(DATA)

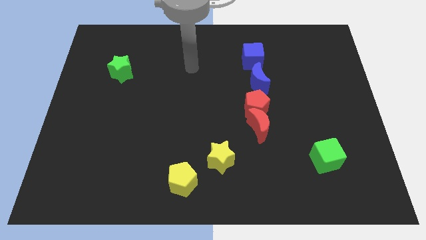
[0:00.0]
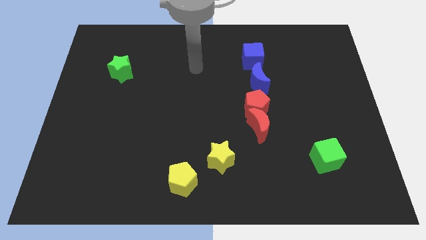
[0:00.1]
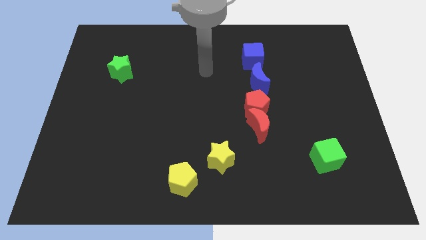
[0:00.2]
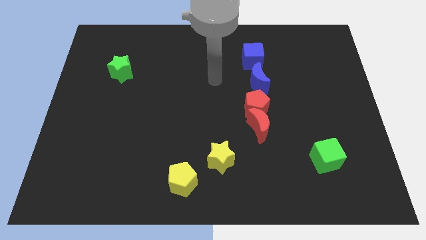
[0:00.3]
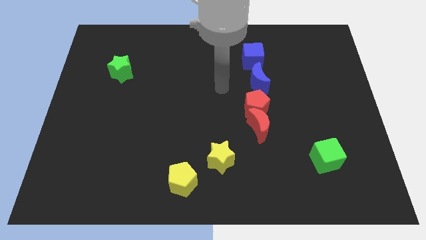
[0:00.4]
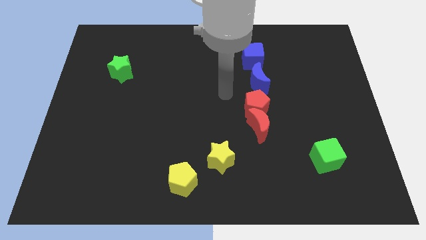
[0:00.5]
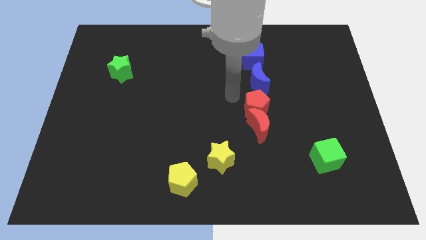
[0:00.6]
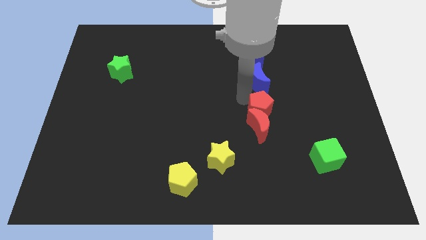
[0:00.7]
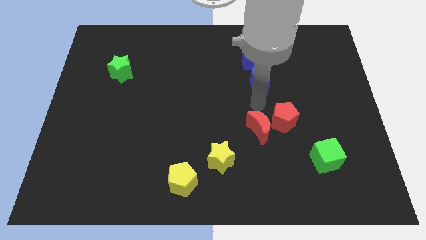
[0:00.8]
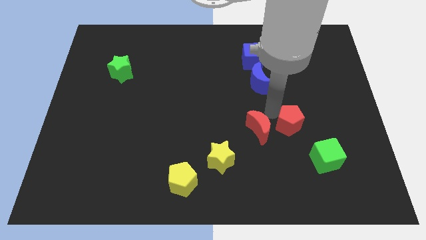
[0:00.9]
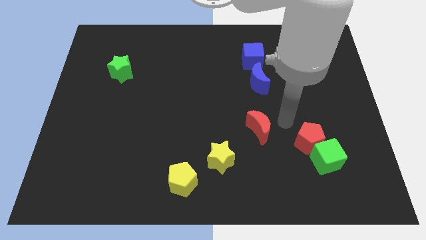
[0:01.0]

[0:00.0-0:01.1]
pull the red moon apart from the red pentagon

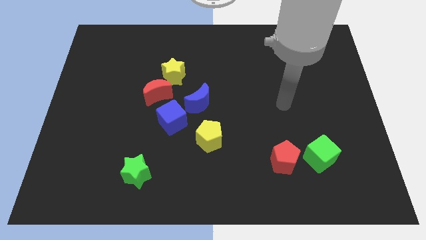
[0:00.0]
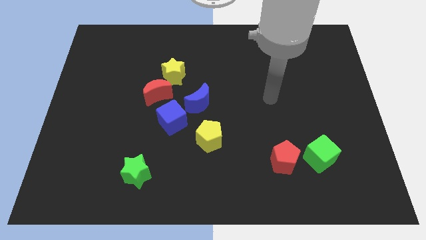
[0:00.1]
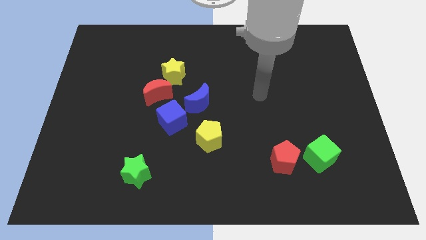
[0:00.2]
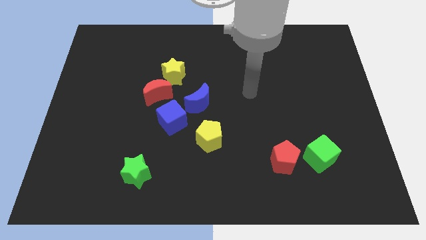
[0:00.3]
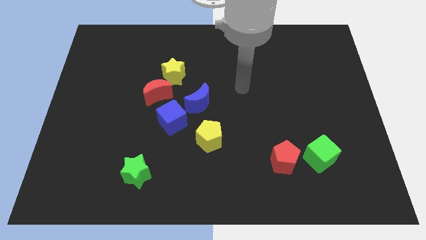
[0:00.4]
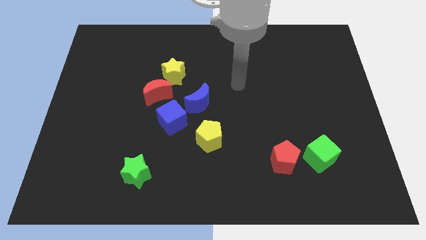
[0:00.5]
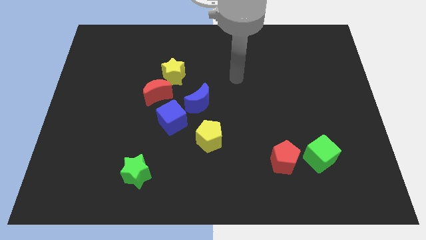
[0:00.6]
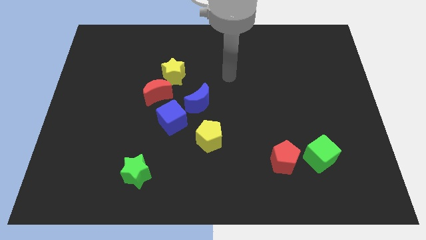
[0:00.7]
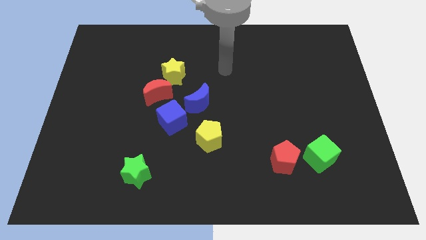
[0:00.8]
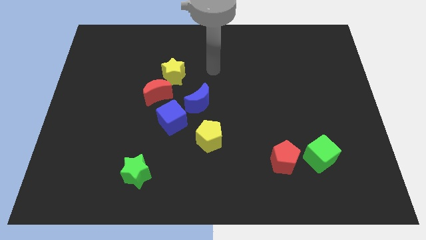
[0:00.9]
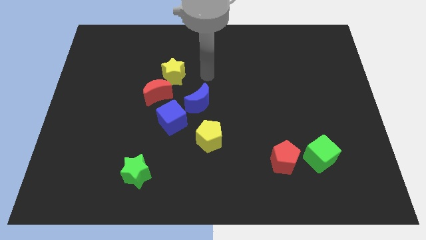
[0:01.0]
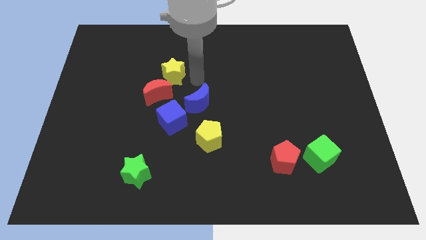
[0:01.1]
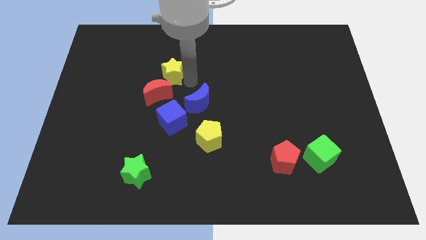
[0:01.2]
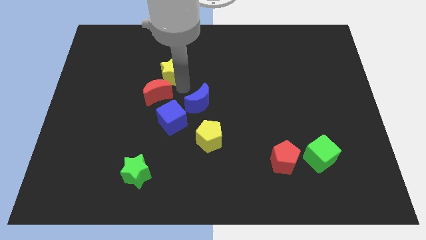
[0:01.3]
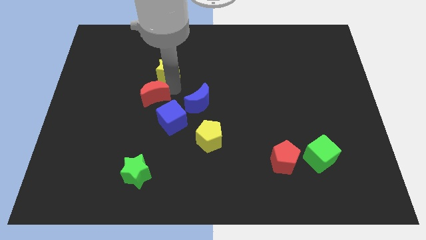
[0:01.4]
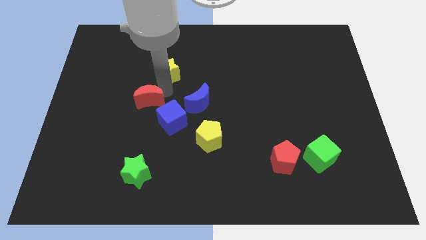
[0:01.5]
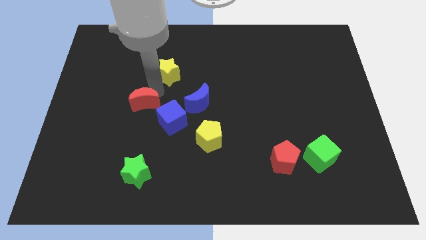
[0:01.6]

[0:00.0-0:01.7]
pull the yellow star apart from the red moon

(End DATA)

### YOUR ASSIGNMENT:
Each line above is to be copied verbatim. Drop any image from the copy.

### TASK RESULT:
[0:00.0]
[0:00.1]
[0:00.2]
[0:00.3]
[0:00.4]
[0:00.5]
[0:00.6]
[0:00.7]
[0:00.8]
[0:00.9]
[0:01.0]

[0:00.0-0:01.1]
pull the red moon apart from the red pentagon

[0:00.0]
[0:00.1]
[0:00.2]
[0:00.3]
[0:00.4]
[0:00.5]
[0:00.6]
[0:00.7]
[0:00.8]
[0:00.9]
[0:01.0]
[0:01.1]
[0:01.2]
[0:01.3]
[0:01.4]
[0:01.5]
[0:01.6]

[0:00.0-0:01.7]
pull the yellow star apart from the red moon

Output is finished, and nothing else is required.